(Recorded data)
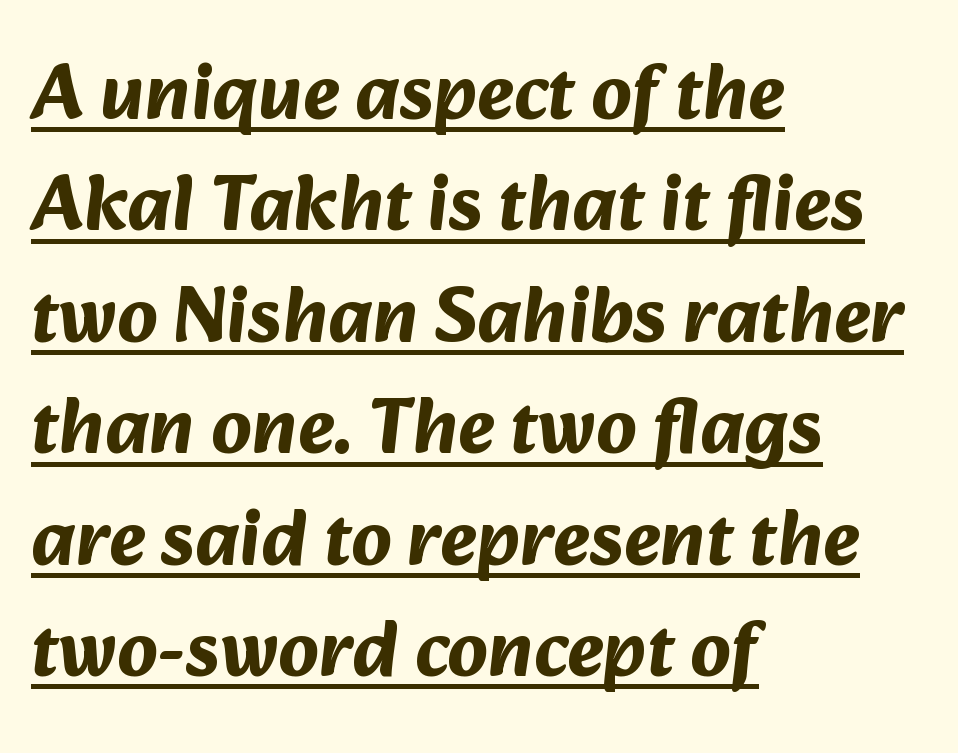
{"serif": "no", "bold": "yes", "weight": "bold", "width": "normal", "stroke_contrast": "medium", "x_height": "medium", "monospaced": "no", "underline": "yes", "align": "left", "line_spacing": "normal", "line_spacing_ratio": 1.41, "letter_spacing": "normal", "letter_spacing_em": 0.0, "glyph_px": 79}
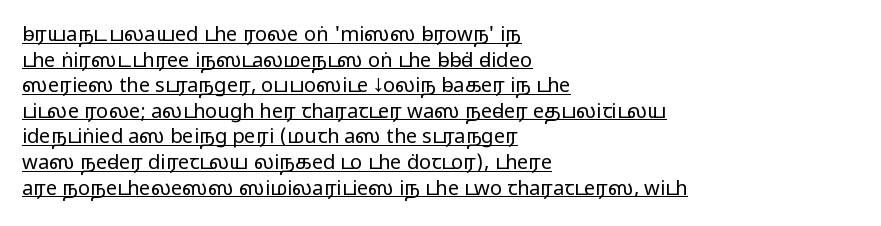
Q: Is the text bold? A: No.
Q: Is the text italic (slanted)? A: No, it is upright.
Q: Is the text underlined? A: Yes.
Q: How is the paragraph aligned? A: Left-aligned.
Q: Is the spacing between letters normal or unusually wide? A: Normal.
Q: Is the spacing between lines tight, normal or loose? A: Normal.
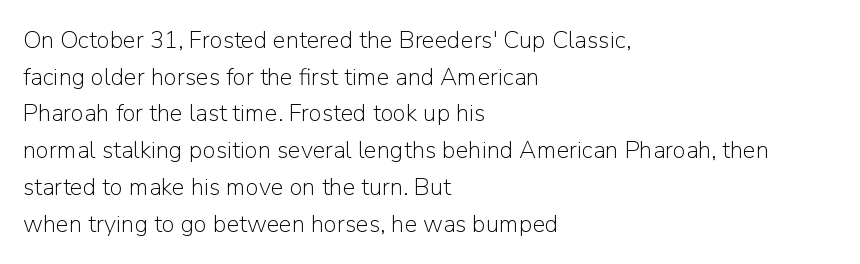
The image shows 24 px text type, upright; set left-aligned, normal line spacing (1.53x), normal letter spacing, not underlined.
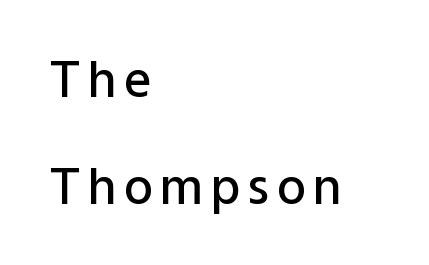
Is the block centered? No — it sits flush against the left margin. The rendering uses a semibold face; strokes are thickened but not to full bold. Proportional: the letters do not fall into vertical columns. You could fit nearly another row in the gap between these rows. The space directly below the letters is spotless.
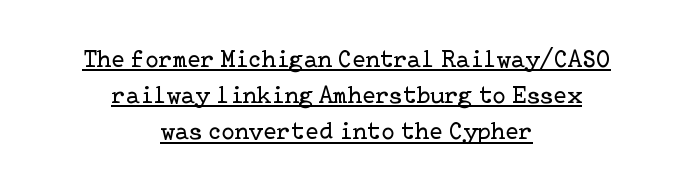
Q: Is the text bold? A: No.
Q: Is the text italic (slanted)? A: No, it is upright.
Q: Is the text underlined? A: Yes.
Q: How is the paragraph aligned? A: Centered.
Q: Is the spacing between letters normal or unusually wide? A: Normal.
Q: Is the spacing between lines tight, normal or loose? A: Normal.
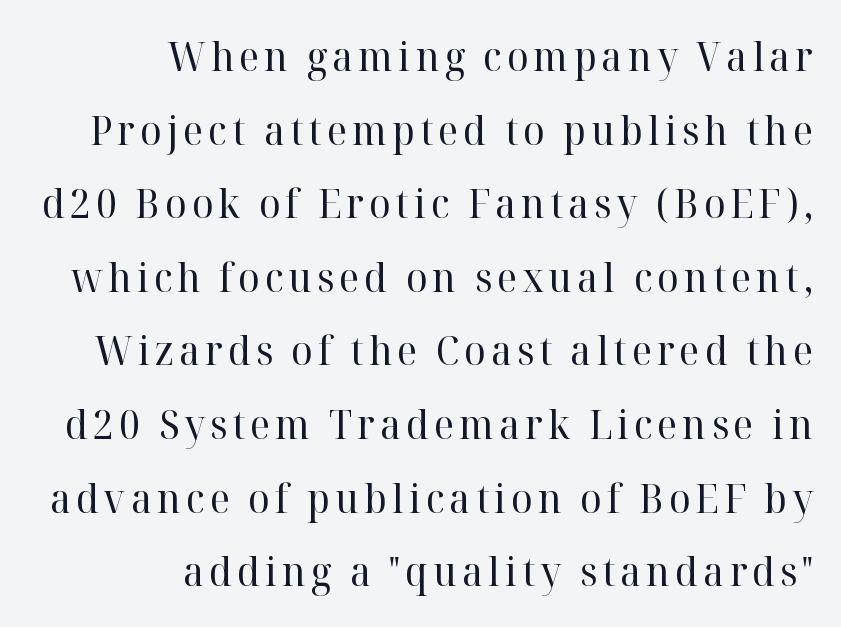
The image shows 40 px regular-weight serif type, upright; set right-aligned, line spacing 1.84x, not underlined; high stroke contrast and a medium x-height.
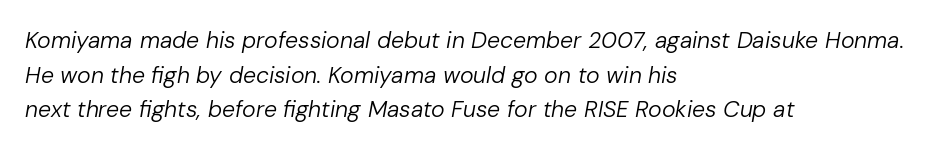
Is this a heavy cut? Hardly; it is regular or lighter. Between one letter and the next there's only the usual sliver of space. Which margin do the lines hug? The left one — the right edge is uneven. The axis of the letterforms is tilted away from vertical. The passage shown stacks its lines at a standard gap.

§ **Task statement**:
Pictures excluded, repeat the records exactly from their opening line through the line containing "Q: How is the paragraph aligned? A: Centered.".

§ **Reply to the exercise**:
{"serif": "no", "bold": "yes", "weight": "bold", "width": "normal", "stroke_contrast": "medium", "x_height": "medium", "monospaced": "no", "underline": "yes", "align": "left", "line_spacing": "normal", "line_spacing_ratio": 1.41, "letter_spacing": "normal", "letter_spacing_em": 0.0, "glyph_px": 79}
Q: Is the text bold? A: No.
Q: Is the text italic (slanted)? A: No, it is upright.
Q: Is the text underlined? A: Yes.
Q: How is the paragraph aligned? A: Left-aligned.
Q: Is the spacing between letters normal or unusually wide? A: Normal.
Q: Is the spacing between lines tight, normal or loose? A: Normal.
The image shows 24 px text type, upright; set left-aligned, normal line spacing (1.53x), normal letter spacing, not underlined.
Is the block centered? No — it sits flush against the left margin. The rendering uses a semibold face; strokes are thickened but not to full bold. Proportional: the letters do not fall into vertical columns. You could fit nearly another row in the gap between these rows. The space directly below the letters is spotless.
Q: Is the text bold? A: No.
Q: Is the text italic (slanted)? A: No, it is upright.
Q: Is the text underlined? A: Yes.
Q: How is the paragraph aligned? A: Centered.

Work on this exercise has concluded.